The propeptides of lysosomal enzymes have been implicated in membrane
association and mannose 6-phosphate-independent sorting to the lysosome
(Rijnboutt, S., Aerts, H., Geuze, H. J., Tager, J. M., and Strous, G. J.
(1991) J. Biol. Chem. 266, 4862-4868; McIntyre, G. F., and Erickson, A. H.
(1991) J. Biol. Chem. 266, 15438-15445). In this report, the function of
the propeptide of procathepsin D in sorting to the lysosome was directly
assessed using a cathepsin D deletion mutant lacking the propeptide, and
using a chimeric cDNA encoding the cathepsin D propeptide fused to the
secretory protein alpha-lactalbumin. Proteins encoded by these cDNAs were
expressed in mouse Ltk- cells and in human hepatoma Hep G2 cells, and then
immunoprecipitated and analyzed by SDS- polyacrylamide gel electrophoresis.
The deletion mutant was glycosylated but was rapidly degraded in a
chloroquine-independent fashion and did not assume an active conformation.
Thus the propeptide appeared to be necessary for correct folding.

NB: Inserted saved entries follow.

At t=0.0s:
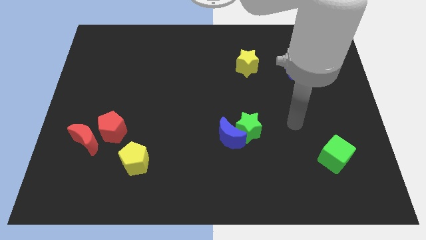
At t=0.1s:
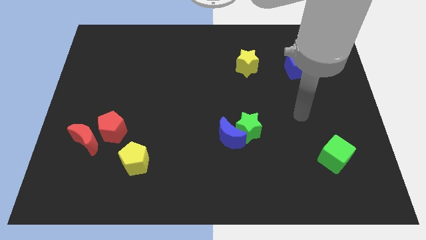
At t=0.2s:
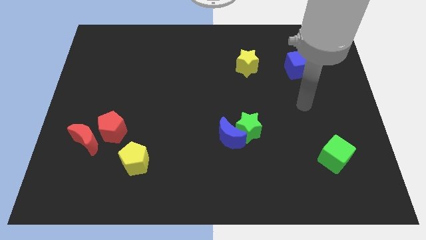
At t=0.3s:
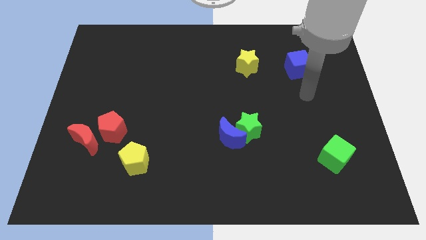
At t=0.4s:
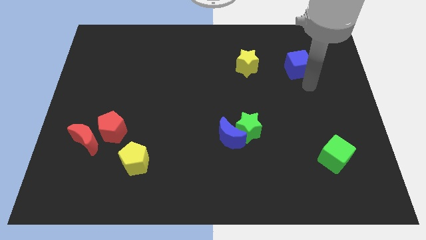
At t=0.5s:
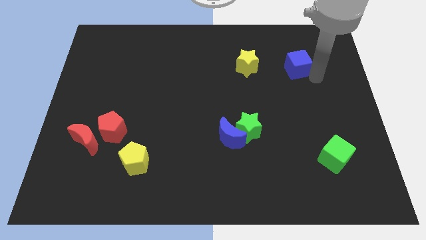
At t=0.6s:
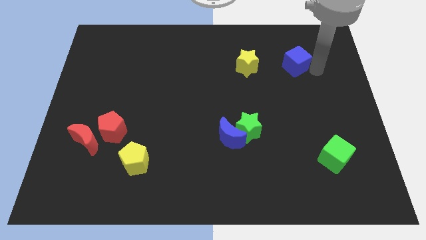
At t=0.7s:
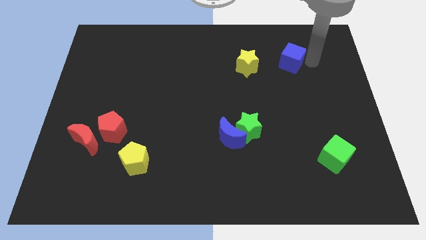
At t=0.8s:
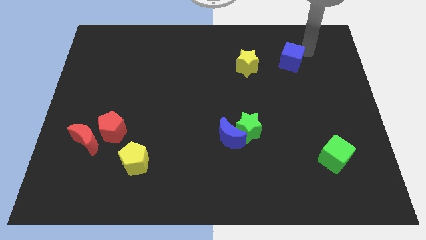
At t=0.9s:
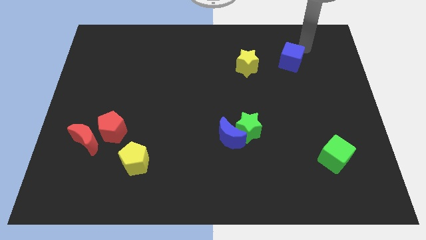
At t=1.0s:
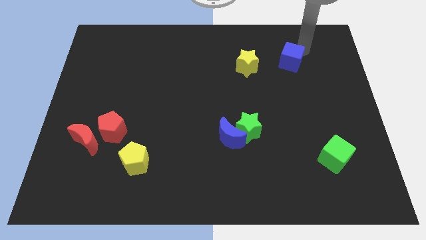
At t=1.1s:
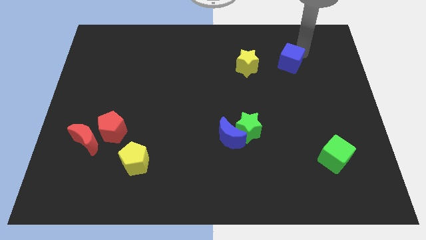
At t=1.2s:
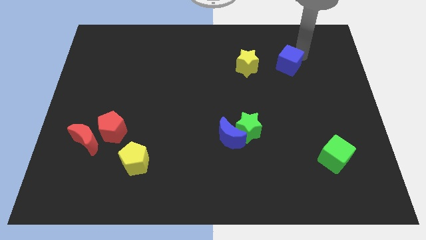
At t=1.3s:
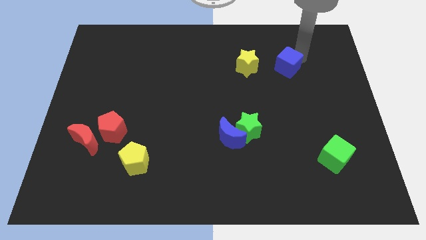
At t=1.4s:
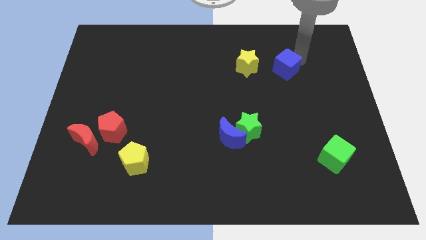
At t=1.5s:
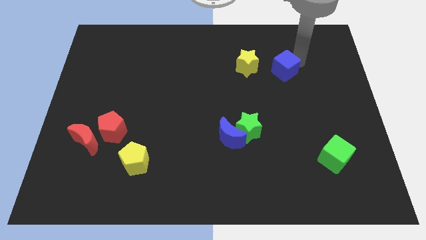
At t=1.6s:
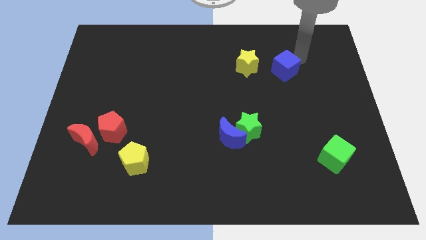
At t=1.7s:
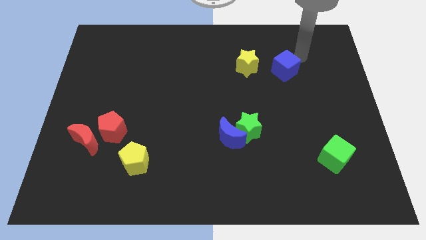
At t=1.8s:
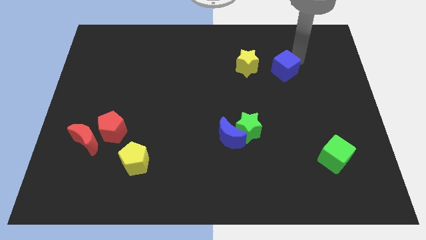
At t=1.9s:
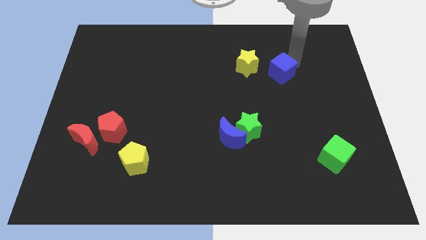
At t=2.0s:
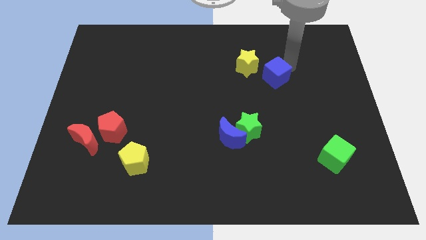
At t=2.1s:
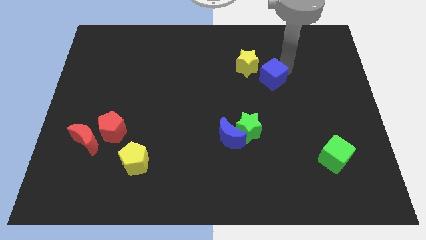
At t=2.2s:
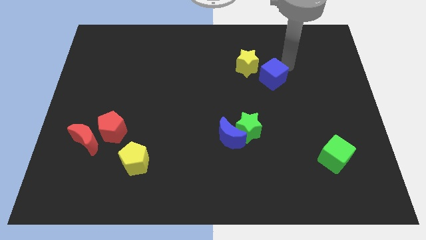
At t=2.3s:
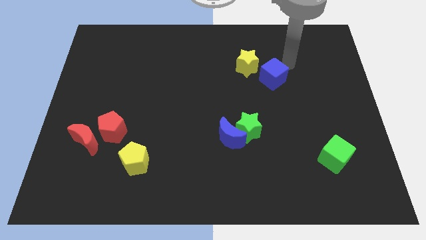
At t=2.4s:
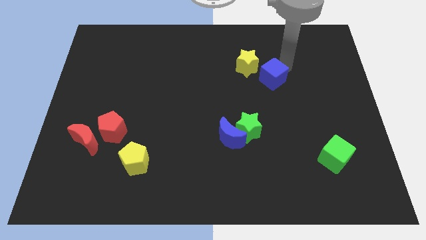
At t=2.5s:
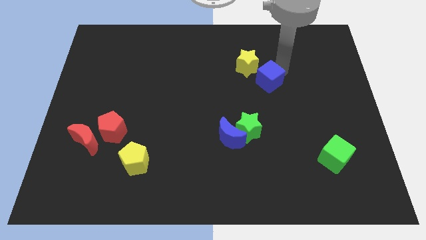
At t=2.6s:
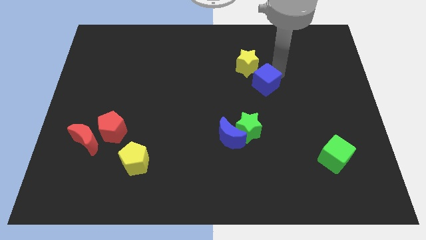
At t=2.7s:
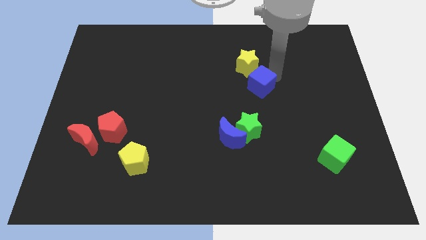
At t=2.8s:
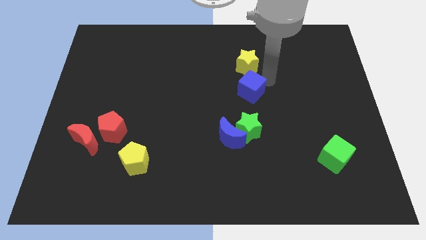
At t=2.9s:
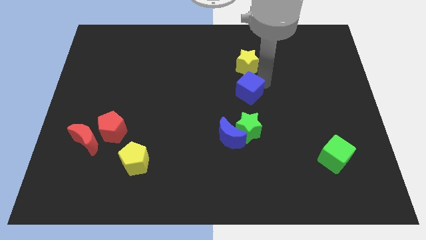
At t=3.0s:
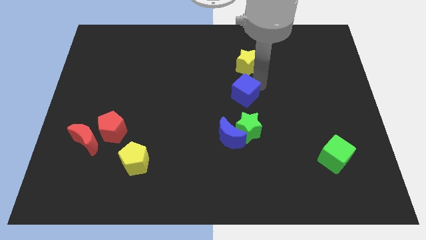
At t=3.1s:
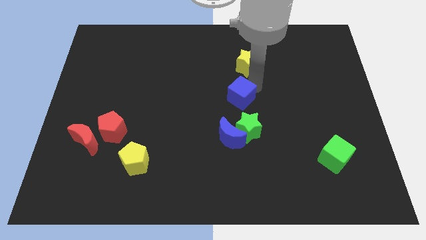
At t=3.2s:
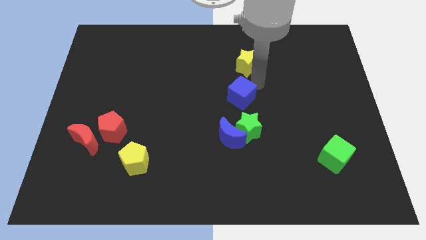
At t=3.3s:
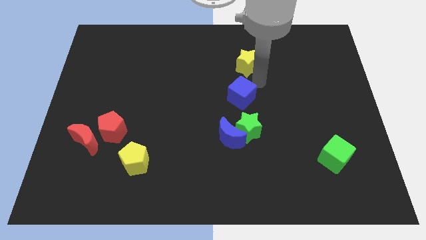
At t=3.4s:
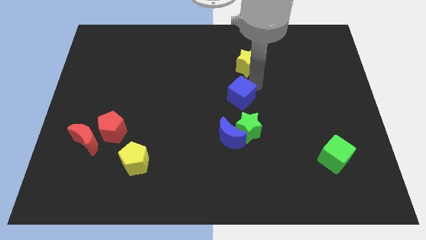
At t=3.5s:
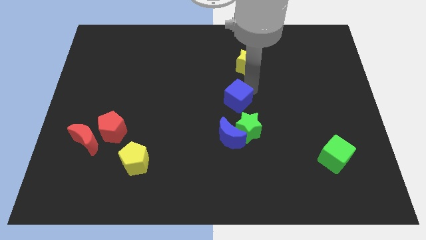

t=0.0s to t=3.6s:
move the blue cube diagonally up and to the left of the green star

The
chimeric protein was glycosylated and secreted. The coincidence of complex
oligosaccharide modification and secretion of the chimeric protein
suggested that it was slowly released from the endoplasmic reticulum and
rapidly passed through the cell to the extracellular compartment. This was
confirmed by immunofluorescent localization of the proteins. The data
indicated that the propeptide appeared to be necessary for folding of
cathepsin D but, unlike the yeast vacuolar propeptides, was not sufficient
to direct a secretory protein to the lysosome in fibroblasts or in
epithelial cells.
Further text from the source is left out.